Why La La Land is trailing such a buzz…

THE headlines cast long shadows thanks to Brexit, Trump and other depressing things. Let’s talk instead about La La Land.

We went at the weekend and this modern take on the musical certainly is gorgeous, romantic and vibrant. The Oscar panel hadn’t nodded their heads when we sat down to watch at City Screen, so we saw the film before the latest big fuss, although Damien Chazelle’s film has been trailing an attention buzz for months now.

La La Land has a record-equalling 14 nominations at this year’s Oscars and seems likely to sweep all before it. To ask a simple but obvious question: is the film worth all the glittery palaver? In short, yes. Although some will be more persuaded than others.

To give a random sample, my wife came out in a swoon and wanted to go and see the film again straight away, and our daughter was similarly enraptured. I liked the film very much, but thought there should have been more music. And rather than a La La rerun, next on my to-see list is Manchester By The Sea, for which Cassey Affleck has a best actor nomination.

To tackle that big fuss question, it is impossible to say whether La La Land deserves quite so many nominations, as grading films by the gongs they receive is a fool’s game. How can two very different films/books/albums/TV programmes be measured alongside each other? In honesty, they can’t although they always are.

Awards often rush in one expected direction. At the Oscars, the momentum gathers behind one film, usually at the expense of other overlooked movies: Nocturnal Animals this time round, without even a mention for Amy Adams.

La La Land is a lovely piece of escapism and yet the film isn’t entirely buoyant, with downbeat moments that work to its credit. As you probably already know, Ryan Gosling plays a struggling jazz musician and Emma Stone a struggling actor.

Their relationship starts badly, with a few barriers to romance – not least Gosling’s character being a hardcore jazz bore. This doesn’t have to be a bad thing and it so happens that I like hardcore jazz bores. Stone’s character is easier to like and her performance matches fizzing energy with a haunted sense of inadequacy.

What works so well is that theirs is a relationship you can believe in. You want them to find love and to find each other, but whether they do or not is a secret that must be left on the screen.

Some have carped that Gosling and Stone don’t have the voices for a musical, but I thought they were just fine, and besides what they have by the brimming bucketful is charisma, and the spark of a real relationship.

La La Land acknowledges many great, musicals with more than a dip to An American In Paris, especially with the cartoonish fantasy sequences. The film is at its confident best in the musical sections, and the opening is fantastic, following the big musical tradition of starting with a bang. Where West Side Story has balletic aggression as the gangs warm up and Guys And Dolls has a swarm of street life – and a watch on a chain picked from pocket to pocket – La La Land starts with cars jammed on a flyover.

It’s a scene full of energy and charm and with an uplifting score, and balances the banality of a traffic jam with the human spirit of all those people stuck in their cars – until they leap out to sing and dance.
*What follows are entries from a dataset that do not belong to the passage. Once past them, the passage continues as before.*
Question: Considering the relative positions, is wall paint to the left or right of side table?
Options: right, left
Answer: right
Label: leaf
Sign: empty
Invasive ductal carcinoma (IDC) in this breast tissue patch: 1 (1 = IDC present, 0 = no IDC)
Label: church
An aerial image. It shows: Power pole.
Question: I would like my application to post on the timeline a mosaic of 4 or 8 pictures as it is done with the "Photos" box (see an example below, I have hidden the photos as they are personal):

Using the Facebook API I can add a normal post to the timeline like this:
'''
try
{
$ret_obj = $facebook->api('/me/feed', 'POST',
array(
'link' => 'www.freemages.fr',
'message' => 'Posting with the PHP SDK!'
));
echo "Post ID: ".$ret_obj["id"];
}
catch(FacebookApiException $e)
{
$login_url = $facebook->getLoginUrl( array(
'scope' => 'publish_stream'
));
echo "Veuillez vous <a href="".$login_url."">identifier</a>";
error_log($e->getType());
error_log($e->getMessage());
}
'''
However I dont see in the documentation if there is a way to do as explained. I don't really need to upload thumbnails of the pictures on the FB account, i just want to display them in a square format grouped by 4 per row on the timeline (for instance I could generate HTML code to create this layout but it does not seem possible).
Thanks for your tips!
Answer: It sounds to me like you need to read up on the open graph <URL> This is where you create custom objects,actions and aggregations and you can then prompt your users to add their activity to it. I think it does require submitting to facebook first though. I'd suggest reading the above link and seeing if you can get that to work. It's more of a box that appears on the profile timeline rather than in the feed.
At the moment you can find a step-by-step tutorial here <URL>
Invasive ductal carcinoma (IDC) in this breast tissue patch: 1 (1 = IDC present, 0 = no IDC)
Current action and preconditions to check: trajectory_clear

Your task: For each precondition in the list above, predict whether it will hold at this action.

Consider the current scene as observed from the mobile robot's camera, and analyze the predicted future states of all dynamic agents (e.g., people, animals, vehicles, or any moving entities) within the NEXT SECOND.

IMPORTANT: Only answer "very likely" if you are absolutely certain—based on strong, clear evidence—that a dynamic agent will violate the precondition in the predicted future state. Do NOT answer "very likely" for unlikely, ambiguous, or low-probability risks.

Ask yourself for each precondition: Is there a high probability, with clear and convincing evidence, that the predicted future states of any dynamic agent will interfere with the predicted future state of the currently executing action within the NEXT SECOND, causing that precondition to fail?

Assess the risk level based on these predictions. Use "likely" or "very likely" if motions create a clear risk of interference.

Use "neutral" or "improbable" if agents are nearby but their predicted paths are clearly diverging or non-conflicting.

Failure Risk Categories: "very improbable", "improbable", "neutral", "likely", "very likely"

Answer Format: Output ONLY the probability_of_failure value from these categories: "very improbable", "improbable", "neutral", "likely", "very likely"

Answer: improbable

Those first five minutes alone are reason enough to go and see La La Land, and the film has many other attractions.

I did enjoy the jazz side, too, and the ways Gosling’s character is so grumpy when the possible new love in his life says those dreaded words: “I don’t like jazz.”

Hadley Freeman said in her column in the Guardian Weekend mag last week that Gosling represented every jazz bore boyfriend she’d ever dated – and she expanded jazz bore to embrace various types of male obsession. Well, that’s her take but it wasn’t mine. And it certainly wasn’t that of the two women in our family.

My advice is to go and see La La Land before the backlash begins. For there is bound to be one of those.

When the headlines are casting such dark shadows, a bit of escapism is good, and La La Land offers such as escape route, while also keeping its feet on the ground. And, with a nod to the girls, Emma Stone does wear some very lovely dresses. Mind you, Ryan Gosling suits his suit, too. And his stubble.

One comment

  1. Sorry Julian. I was a bit disappointed. Didn’t quite know what to make of it. Loved her dresses and thought her smile was wonderful but found the story very confusing. I suppose that’s my fault!